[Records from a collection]

···

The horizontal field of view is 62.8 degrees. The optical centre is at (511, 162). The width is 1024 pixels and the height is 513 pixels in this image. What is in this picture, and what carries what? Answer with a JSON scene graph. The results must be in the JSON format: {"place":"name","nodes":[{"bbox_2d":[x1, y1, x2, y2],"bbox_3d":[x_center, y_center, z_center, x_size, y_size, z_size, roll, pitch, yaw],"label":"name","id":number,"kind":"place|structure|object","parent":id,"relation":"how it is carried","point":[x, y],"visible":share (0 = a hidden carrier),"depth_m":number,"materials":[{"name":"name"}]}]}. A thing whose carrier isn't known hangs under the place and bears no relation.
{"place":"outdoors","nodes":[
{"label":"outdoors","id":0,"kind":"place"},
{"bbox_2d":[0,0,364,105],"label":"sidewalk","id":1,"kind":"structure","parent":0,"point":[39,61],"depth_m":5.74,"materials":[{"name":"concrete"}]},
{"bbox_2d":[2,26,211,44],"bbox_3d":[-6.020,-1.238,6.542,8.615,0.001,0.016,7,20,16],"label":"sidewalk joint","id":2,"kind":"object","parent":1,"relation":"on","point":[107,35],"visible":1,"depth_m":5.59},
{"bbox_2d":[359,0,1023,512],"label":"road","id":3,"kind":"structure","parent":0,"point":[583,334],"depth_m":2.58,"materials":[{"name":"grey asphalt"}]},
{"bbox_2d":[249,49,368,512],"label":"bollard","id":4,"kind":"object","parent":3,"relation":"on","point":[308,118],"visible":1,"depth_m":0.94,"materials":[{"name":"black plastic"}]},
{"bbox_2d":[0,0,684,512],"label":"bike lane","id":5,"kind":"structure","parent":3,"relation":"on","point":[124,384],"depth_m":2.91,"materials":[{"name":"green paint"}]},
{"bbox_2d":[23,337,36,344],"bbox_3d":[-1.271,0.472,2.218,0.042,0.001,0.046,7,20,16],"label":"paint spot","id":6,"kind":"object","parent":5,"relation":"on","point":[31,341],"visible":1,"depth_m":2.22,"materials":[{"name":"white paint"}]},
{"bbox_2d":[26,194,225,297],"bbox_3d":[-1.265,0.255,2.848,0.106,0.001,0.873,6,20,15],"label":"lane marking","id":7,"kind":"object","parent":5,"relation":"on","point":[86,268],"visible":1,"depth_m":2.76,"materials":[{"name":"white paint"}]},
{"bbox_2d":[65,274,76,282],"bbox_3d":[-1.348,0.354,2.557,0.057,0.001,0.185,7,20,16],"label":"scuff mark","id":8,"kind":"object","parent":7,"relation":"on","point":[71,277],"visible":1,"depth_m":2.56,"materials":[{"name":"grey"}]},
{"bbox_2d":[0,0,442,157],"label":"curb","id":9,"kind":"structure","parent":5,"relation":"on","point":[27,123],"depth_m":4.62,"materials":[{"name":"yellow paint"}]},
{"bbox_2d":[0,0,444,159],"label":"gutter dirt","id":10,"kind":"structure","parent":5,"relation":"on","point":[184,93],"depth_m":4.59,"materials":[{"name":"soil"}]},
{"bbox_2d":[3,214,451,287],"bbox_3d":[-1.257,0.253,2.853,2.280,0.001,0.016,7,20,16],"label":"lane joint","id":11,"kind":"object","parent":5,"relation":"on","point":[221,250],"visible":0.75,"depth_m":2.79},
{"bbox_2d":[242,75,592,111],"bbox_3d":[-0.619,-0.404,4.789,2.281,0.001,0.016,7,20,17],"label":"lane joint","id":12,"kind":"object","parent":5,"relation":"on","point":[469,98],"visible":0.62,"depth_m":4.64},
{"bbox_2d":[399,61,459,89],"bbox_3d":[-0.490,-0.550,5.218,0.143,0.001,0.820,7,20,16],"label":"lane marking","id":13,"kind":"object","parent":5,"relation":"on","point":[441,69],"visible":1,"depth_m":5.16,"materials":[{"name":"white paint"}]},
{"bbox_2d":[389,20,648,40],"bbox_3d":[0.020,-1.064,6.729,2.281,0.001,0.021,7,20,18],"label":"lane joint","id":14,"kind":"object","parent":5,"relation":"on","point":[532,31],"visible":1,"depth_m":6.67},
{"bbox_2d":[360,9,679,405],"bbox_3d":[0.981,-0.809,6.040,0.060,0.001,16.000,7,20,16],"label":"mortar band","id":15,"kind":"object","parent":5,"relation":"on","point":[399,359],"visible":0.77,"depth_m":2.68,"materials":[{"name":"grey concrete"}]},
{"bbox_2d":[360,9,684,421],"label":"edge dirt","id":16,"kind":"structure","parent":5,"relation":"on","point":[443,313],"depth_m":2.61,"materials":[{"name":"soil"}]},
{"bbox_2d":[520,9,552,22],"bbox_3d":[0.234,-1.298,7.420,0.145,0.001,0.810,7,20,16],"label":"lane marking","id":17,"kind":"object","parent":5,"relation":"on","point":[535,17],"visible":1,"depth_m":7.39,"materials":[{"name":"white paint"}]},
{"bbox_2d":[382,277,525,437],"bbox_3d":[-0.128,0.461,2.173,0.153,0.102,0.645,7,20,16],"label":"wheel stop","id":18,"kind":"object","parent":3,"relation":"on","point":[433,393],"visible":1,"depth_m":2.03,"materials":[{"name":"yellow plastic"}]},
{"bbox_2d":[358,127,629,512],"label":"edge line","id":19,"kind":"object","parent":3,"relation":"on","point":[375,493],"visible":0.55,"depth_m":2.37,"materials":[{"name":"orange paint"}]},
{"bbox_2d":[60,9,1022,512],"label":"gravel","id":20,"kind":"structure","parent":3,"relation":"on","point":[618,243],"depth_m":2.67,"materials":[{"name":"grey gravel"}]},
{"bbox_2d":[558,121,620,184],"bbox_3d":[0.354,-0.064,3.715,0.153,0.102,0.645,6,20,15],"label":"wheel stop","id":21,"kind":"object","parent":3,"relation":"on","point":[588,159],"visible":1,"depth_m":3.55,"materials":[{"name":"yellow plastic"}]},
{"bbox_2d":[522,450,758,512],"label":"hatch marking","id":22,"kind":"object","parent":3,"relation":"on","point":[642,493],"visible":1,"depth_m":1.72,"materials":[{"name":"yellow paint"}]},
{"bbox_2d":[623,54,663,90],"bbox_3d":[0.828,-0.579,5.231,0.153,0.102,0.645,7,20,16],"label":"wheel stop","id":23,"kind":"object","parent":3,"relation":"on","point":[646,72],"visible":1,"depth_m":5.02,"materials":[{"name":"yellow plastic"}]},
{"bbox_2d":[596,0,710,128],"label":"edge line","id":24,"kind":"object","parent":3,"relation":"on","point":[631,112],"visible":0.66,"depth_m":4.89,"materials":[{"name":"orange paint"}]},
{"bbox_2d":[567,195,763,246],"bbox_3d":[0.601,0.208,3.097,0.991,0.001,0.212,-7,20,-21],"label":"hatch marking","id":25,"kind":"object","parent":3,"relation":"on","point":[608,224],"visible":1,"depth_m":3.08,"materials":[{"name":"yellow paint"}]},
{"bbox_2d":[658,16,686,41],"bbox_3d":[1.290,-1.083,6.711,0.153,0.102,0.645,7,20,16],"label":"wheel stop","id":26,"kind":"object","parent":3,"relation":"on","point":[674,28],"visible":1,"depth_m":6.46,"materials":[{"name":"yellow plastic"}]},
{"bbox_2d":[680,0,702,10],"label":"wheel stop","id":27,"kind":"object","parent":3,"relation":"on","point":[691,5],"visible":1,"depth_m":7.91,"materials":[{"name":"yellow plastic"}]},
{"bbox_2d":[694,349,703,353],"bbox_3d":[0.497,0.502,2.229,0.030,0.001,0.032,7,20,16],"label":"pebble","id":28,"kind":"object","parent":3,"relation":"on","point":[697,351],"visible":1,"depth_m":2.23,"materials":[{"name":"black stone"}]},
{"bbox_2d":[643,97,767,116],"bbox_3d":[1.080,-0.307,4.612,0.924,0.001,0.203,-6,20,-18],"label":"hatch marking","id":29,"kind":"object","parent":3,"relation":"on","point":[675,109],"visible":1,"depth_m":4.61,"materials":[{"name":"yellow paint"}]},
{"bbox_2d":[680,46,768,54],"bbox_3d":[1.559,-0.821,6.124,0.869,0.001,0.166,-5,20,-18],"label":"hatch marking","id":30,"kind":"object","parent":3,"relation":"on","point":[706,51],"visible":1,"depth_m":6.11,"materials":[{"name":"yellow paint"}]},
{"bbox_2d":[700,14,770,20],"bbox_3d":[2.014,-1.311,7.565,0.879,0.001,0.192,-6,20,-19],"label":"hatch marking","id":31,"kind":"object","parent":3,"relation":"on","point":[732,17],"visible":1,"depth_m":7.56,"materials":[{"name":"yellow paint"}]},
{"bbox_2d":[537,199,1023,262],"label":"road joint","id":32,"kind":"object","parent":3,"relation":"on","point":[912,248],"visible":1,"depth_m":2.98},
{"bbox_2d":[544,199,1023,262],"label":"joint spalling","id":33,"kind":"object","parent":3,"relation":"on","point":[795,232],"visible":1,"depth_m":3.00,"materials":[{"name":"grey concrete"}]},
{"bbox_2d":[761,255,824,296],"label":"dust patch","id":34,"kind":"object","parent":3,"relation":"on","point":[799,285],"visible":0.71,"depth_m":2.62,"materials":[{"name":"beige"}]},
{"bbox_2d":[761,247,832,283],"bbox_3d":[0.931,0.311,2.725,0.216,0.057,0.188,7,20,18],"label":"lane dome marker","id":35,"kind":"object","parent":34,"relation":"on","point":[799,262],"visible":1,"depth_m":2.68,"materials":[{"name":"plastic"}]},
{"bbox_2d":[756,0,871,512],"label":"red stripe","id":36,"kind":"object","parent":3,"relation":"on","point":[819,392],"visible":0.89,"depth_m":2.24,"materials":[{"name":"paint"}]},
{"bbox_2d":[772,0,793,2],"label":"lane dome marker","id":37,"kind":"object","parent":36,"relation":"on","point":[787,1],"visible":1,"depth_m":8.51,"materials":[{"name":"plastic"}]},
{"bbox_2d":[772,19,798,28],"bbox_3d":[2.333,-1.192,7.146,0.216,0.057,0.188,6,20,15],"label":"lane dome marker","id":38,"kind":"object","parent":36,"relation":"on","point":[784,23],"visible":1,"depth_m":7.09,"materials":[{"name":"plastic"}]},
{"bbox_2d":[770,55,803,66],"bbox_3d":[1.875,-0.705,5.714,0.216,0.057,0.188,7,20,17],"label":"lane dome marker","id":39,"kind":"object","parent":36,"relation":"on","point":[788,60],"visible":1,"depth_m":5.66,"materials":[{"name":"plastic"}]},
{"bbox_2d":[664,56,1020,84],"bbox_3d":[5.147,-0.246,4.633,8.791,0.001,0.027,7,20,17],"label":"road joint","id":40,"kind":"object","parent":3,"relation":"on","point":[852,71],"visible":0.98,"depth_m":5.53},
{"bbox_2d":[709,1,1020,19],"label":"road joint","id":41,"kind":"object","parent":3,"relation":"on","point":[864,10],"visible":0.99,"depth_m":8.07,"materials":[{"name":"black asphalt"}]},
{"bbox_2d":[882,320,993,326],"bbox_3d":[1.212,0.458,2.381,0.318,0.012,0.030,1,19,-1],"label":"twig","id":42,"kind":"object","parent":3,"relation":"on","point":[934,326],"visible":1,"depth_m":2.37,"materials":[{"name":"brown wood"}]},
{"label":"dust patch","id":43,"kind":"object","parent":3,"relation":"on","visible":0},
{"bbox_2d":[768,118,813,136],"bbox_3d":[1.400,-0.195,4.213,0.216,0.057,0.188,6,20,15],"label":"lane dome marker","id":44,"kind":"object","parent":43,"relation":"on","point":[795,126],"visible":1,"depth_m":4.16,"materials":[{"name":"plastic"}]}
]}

···

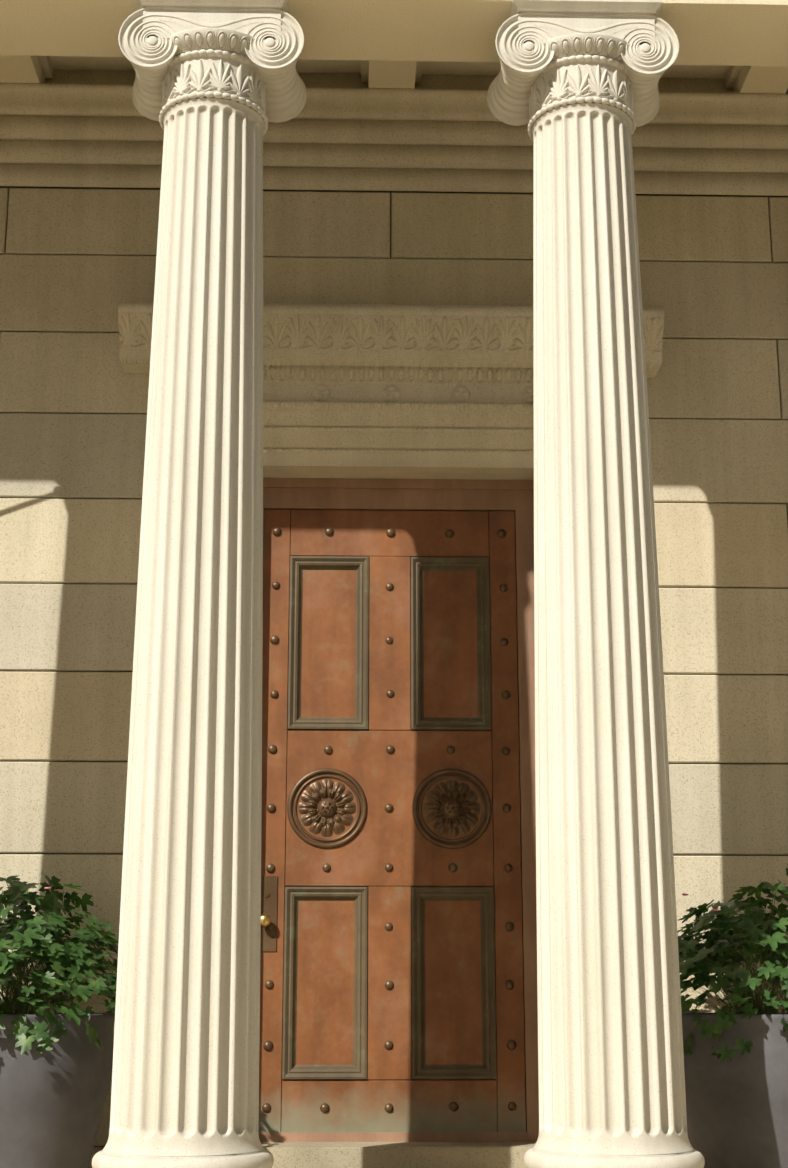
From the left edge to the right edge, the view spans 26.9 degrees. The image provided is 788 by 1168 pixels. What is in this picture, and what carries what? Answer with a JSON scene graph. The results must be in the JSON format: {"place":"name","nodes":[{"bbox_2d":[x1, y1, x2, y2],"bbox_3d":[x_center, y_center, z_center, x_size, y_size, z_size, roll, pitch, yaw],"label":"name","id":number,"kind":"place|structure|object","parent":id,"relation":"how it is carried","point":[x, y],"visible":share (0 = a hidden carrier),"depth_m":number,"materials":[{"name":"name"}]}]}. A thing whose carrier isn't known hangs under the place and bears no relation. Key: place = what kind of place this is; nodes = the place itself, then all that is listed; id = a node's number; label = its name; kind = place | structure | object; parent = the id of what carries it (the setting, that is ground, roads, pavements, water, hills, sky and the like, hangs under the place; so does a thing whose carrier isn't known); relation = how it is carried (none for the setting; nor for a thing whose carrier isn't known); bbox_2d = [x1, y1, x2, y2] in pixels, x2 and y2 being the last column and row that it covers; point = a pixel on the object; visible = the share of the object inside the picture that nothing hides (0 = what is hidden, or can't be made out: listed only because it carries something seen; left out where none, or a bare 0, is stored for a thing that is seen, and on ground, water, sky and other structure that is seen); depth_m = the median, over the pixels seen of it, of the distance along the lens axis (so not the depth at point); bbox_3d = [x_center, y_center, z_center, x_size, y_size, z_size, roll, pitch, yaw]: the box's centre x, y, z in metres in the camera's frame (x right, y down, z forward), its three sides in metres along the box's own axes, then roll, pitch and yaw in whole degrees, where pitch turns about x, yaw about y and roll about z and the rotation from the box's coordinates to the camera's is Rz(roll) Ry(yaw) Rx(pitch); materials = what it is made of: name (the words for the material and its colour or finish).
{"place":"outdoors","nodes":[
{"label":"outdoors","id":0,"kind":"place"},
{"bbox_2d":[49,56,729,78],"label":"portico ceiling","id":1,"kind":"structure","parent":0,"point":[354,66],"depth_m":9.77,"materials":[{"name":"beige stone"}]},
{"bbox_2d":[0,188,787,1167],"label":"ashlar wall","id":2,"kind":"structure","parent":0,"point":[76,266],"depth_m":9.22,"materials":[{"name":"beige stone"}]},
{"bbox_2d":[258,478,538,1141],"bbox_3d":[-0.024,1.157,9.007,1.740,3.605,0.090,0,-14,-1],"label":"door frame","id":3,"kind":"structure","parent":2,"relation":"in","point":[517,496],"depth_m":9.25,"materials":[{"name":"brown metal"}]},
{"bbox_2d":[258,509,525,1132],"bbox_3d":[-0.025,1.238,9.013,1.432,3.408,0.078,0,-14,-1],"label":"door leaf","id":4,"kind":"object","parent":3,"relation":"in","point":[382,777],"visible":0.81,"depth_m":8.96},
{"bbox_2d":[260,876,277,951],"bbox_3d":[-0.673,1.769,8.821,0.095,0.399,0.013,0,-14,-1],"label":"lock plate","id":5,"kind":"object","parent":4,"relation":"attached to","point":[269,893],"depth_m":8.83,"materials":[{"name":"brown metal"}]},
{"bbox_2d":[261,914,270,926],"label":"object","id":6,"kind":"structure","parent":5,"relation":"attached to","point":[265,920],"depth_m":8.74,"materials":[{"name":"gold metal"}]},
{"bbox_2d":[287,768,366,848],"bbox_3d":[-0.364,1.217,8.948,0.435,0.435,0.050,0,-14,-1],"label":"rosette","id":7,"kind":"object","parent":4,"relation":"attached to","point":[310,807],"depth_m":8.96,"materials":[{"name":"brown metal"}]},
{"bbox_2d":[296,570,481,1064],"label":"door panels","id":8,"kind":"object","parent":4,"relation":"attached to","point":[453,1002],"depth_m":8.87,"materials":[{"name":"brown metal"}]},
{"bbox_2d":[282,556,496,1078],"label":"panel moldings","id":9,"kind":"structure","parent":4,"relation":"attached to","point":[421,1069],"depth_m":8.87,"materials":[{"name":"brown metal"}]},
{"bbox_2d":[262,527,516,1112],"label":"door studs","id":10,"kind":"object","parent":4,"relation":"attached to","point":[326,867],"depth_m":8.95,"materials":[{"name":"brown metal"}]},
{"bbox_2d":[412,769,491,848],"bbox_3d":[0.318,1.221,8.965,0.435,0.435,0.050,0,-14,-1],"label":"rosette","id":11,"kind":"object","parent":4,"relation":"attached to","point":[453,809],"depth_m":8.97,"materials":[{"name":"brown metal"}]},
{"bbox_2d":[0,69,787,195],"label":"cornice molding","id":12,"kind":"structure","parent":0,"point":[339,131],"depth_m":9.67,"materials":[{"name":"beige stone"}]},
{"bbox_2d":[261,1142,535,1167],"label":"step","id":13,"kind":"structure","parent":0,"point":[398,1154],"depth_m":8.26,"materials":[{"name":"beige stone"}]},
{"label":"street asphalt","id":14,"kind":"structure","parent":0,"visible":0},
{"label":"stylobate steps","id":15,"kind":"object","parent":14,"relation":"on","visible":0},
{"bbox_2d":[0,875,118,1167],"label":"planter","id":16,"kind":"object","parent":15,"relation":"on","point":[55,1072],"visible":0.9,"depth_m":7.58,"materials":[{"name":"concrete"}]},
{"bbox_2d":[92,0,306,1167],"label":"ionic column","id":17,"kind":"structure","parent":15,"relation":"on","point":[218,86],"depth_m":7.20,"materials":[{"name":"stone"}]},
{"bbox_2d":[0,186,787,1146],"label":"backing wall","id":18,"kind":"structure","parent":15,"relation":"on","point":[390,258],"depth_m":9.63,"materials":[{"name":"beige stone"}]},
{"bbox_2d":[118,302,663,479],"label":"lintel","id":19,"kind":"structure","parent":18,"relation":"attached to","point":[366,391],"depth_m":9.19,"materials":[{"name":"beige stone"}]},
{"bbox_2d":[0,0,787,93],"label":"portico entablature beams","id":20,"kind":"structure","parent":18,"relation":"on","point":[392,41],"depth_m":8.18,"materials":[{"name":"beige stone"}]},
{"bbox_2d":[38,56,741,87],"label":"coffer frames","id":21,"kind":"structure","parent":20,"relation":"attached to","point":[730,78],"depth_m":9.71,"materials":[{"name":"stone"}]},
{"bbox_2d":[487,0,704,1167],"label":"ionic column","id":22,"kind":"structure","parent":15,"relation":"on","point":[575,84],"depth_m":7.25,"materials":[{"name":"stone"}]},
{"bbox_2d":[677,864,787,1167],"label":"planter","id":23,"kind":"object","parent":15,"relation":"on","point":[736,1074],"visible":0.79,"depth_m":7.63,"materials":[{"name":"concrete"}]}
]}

···

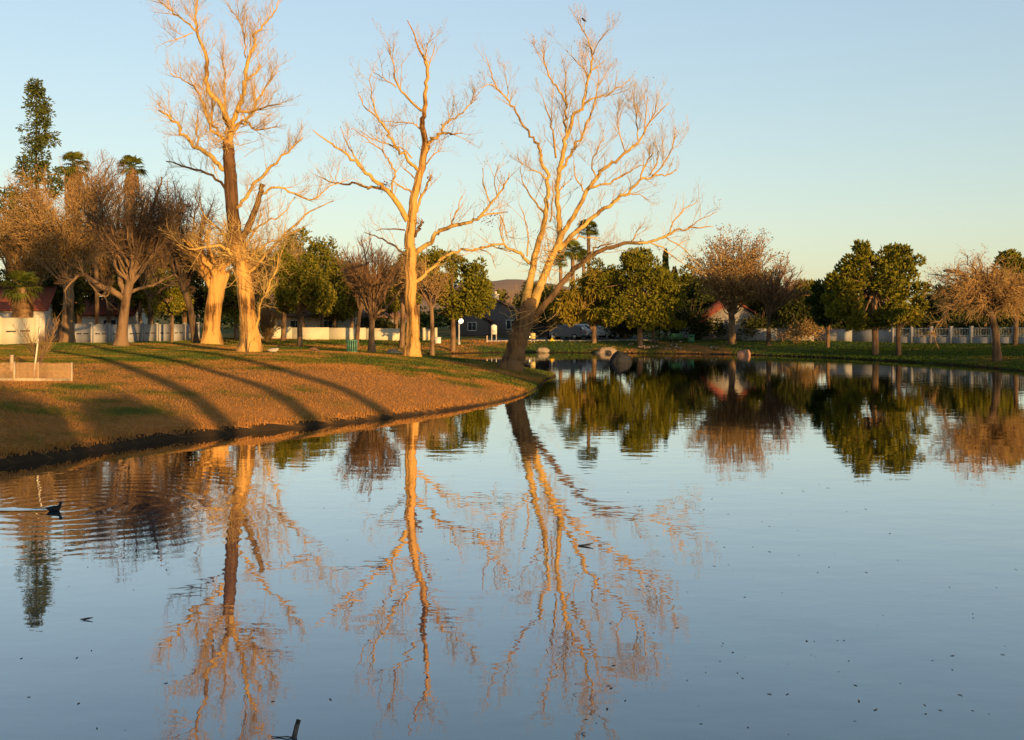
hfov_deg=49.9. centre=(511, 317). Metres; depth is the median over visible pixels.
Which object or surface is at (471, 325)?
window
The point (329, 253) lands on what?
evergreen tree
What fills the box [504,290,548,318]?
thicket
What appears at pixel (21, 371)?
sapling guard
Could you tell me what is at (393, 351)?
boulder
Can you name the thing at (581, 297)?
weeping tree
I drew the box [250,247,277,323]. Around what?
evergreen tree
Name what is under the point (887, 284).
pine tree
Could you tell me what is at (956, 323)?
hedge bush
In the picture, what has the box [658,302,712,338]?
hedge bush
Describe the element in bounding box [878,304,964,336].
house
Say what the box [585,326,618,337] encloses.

···

What you should do:
Among the entries above, copy exactly only the lines starting with the one containing "Describe the element" and going through the one containing "Say what the box [585,326,618,337] encloses.", both ends included.

Exercise solution:
Describe the element in bounding box [878,304,964,336].
house
Say what the box [585,326,618,337] encloses.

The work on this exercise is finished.